Antonian Edward, Peters Gareth W, Chantler Michael
School of Mathematics and Computer Science, Heriot-Watt University, Edinburgh, United Kingdom.
Department of Statistics and Applied Probability, University of California Santa Barbara, Santa Barbara, California, United States of America.
PLoS One. 2025 May 30;20(5):e0324087. doi: 10.1371/journal.pone.0324087. eCollection 2025.

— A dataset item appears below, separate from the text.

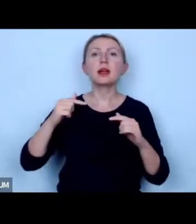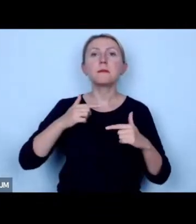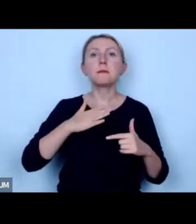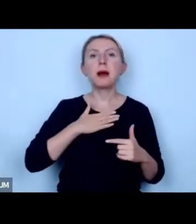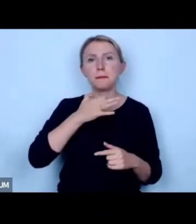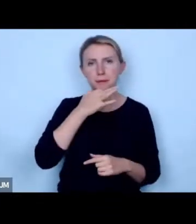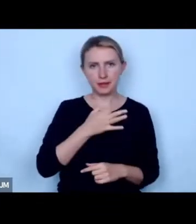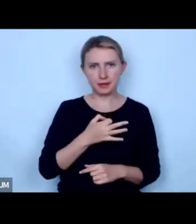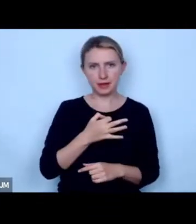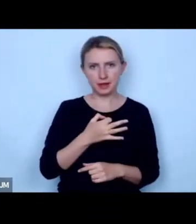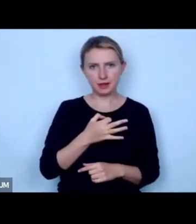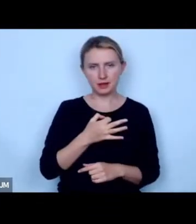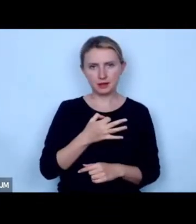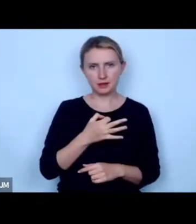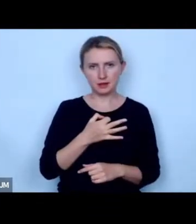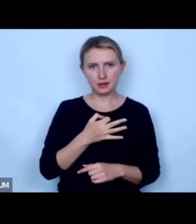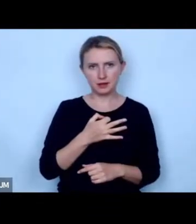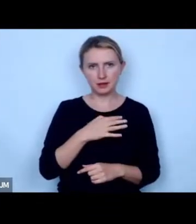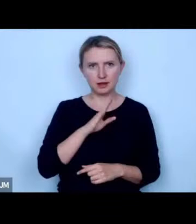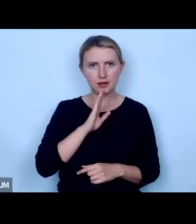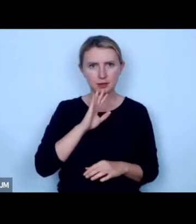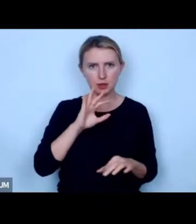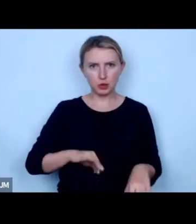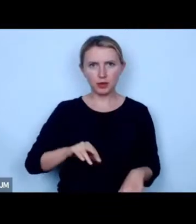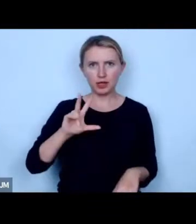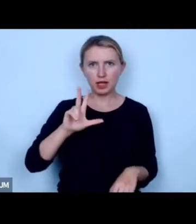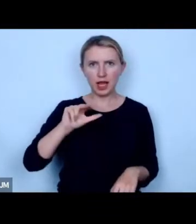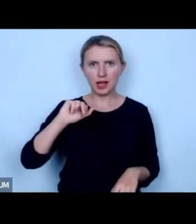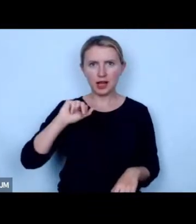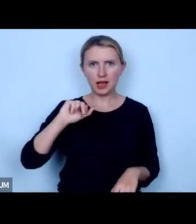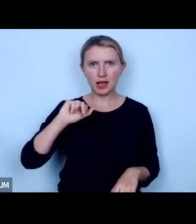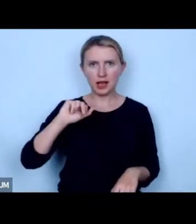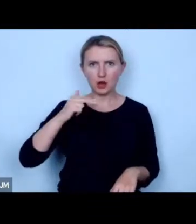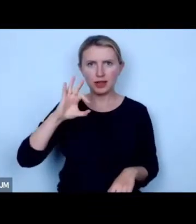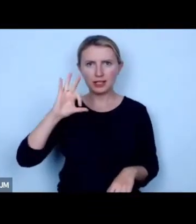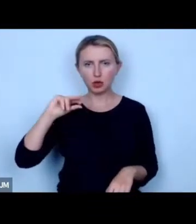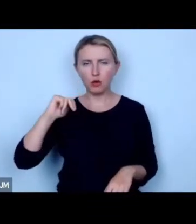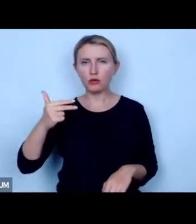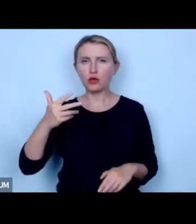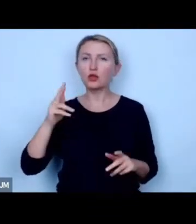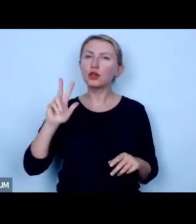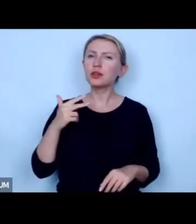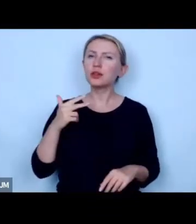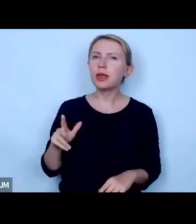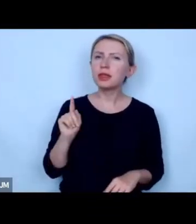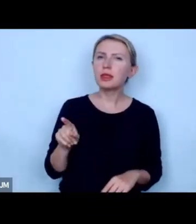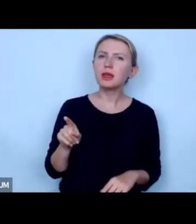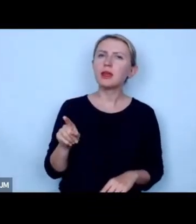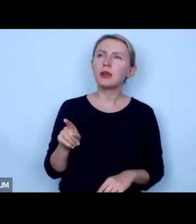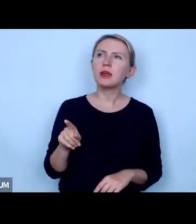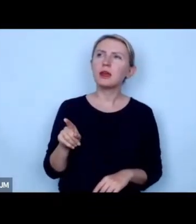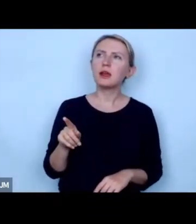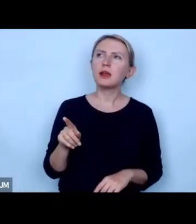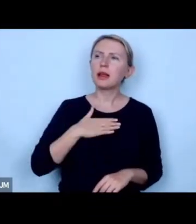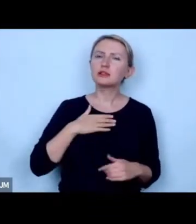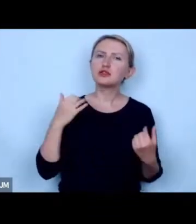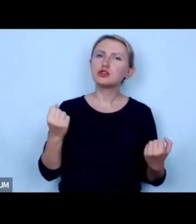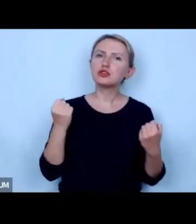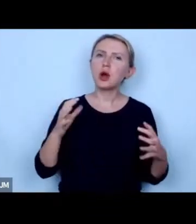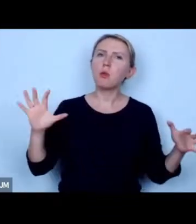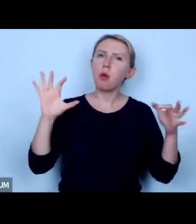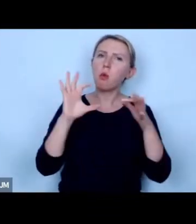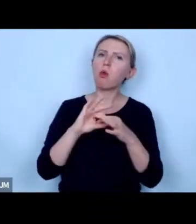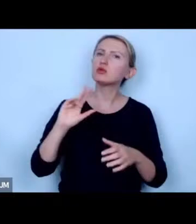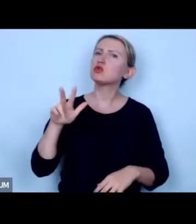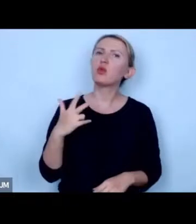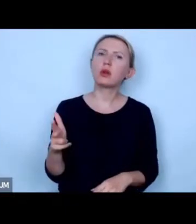pytanie w zasadzie właśnie Pani Karoliny Skobron w którym momencie te nasze działania się połączą w

In this paper, we study a class of non-parametric regression models for predicting graph signals [Formula: see text] as a function of explanatory variables [Formula: see text]. Recently, Kernel Graph Regression (KGR) and Gaussian Processes over Graph (GPoG) have emerged as promising techniques for this task. The goal of this paper is to examine several extensions to KGR/GPoG, with the aim of generalising them a wider variety of data scenarios. The first extension we consider is the case of graph signals that have only been partially recorded, meaning a subset of their elements is missing at observation time. Next, we examine the statistical effect of correlated prediction error and propose a method for Generalized Least Squares (GLS) on graphs. In particular, we examine Autoregressive AR(1) vector autoregressive processes, which are commonly found in time-series applications. Finally, we use the Laplace approximation to determine a lower bound for the out-of-sample prediction error and derive a scalable expression for the marginal variance of each prediction. These methods are tested on both real and synthetic data, with the former taken from a network of air quality monitoring stations across California. We find evidence that the generalised GLS-KGR algorithm is well-suited to such time-series applications, outperforming several standard techniques on this dataset.
在本文中,我们研究了一类用于将图信号[公式:见原文]作为解释变量[公式:见原文]的函数进行预测的非参数回归模型。最近,核图回归(KGR)和图上的高斯过程(GPoG)已成为完成此任务的有前景的技术。本文的目标是研究对KGR/GPoG的几种扩展,目的是将它们推广到更广泛的数据场景。我们考虑的第一个扩展是仅部分记录的图信号的情况,这意味着在观测时其元素的一个子集缺失。接下来,我们研究相关预测误差的统计效应,并提出一种图上广义最小二乘法(GLS)。特别地,我们研究自回归AR(1)向量自回归过程,其在时间序列应用中很常见。最后,我们使用拉普拉斯近似来确定样本外预测误差的下界,并推导每个预测的边际方差的可扩展表达式。这些方法在真实数据和合成数据上都进行了测试,前者取自加利福尼亚州空气质量监测站的网络。我们发现有证据表明广义GLS-KGR算法非常适合此类时间序列应用,在此数据集上优于几种标准技术。